IBM PureData System for Analytics, Version 7.1

Hashing functions

You can use hashing functions to encode data, transforming the input into a “hash code” or “hash value.” The hash algorithm is designed to minimize the chance that two inputs have the same hash value, termed a collision.

You can use hashing functions to speed up the retrieval of data records (simple one-way lookups), for the validation of data (“checksums”), and for cryptography. For lookups, the hash code is used as an index into a hash table which contains a pointer to the data record. For checksums, the hash code is computed for the data before storage or transmission and then recomputed afterward to verify data integrity; if the hash codes do not match, the data is corrupted. Cryptographic hash functions are used for data security.

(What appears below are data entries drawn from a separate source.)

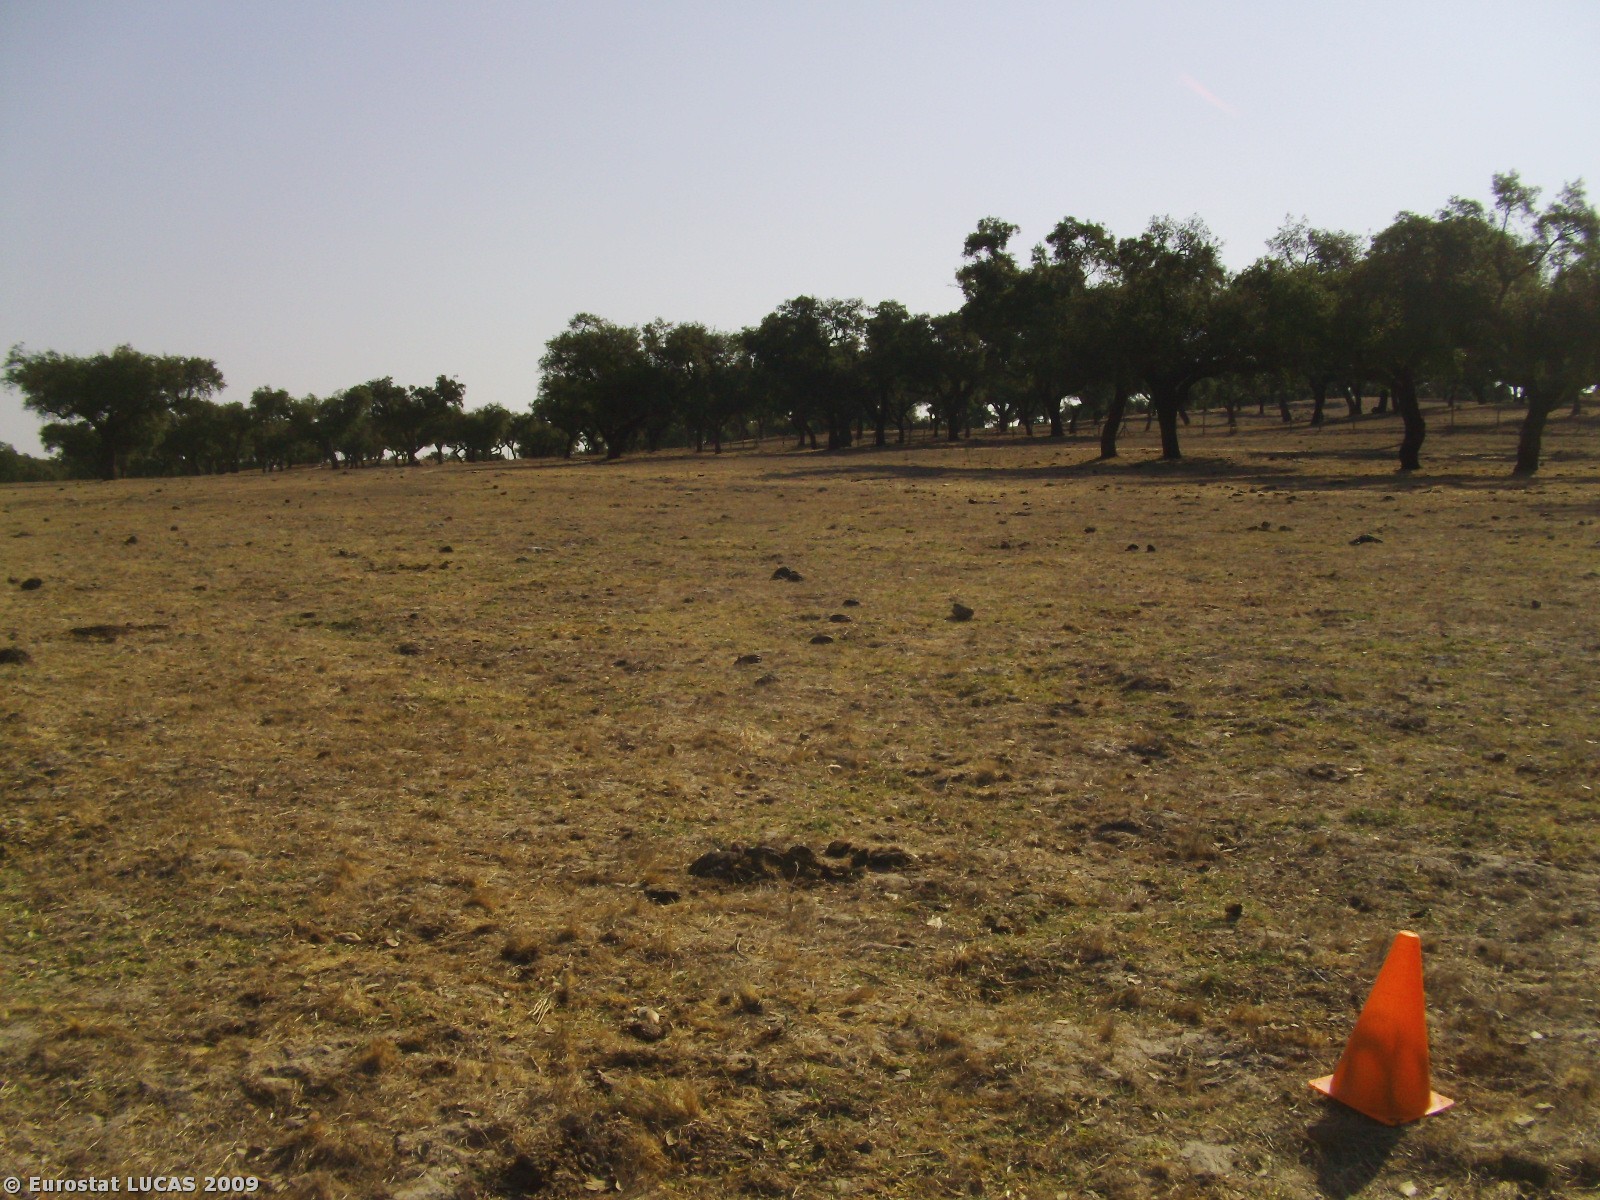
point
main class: Grassland
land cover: Grassland without tree/shrub cover
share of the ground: < 10 %
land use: Agriculture (excluding fallow land and kitchen gardens)
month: August
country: PT
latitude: 38.4139
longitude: -7.9378

Some common use cases for hashing functions include:

Detect duplicated records. Because the hash keys of duplicates hash to the same “bucket” in the hash table, the task reduces to scanning buckets that have more than two records, a much faster method than sorting and comparing each record in the file. (This same technique can be used to find similar records, because similar keys hash to buckets that are contiguous, the search for similar records can therefore be limited to those buckets.)
Locate points that are near each other. Applying a hashing function to spatial data effectively partitions the space that is being modeled into a grid, and as in the previous example, the retrieval/comparison time is greatly reduced because only contiguous cells in the grid need to be searched. This same technique works for other types of spatial data, such as shapes and images.
Verify message integrity. The hash of message digests is made both before and after transmission and the two hash values compared to determine whether the message was corrupted.
Verify passwords. During authentication, the login credentials of a user are hashed and this value is compared with the hashed password stored for that user.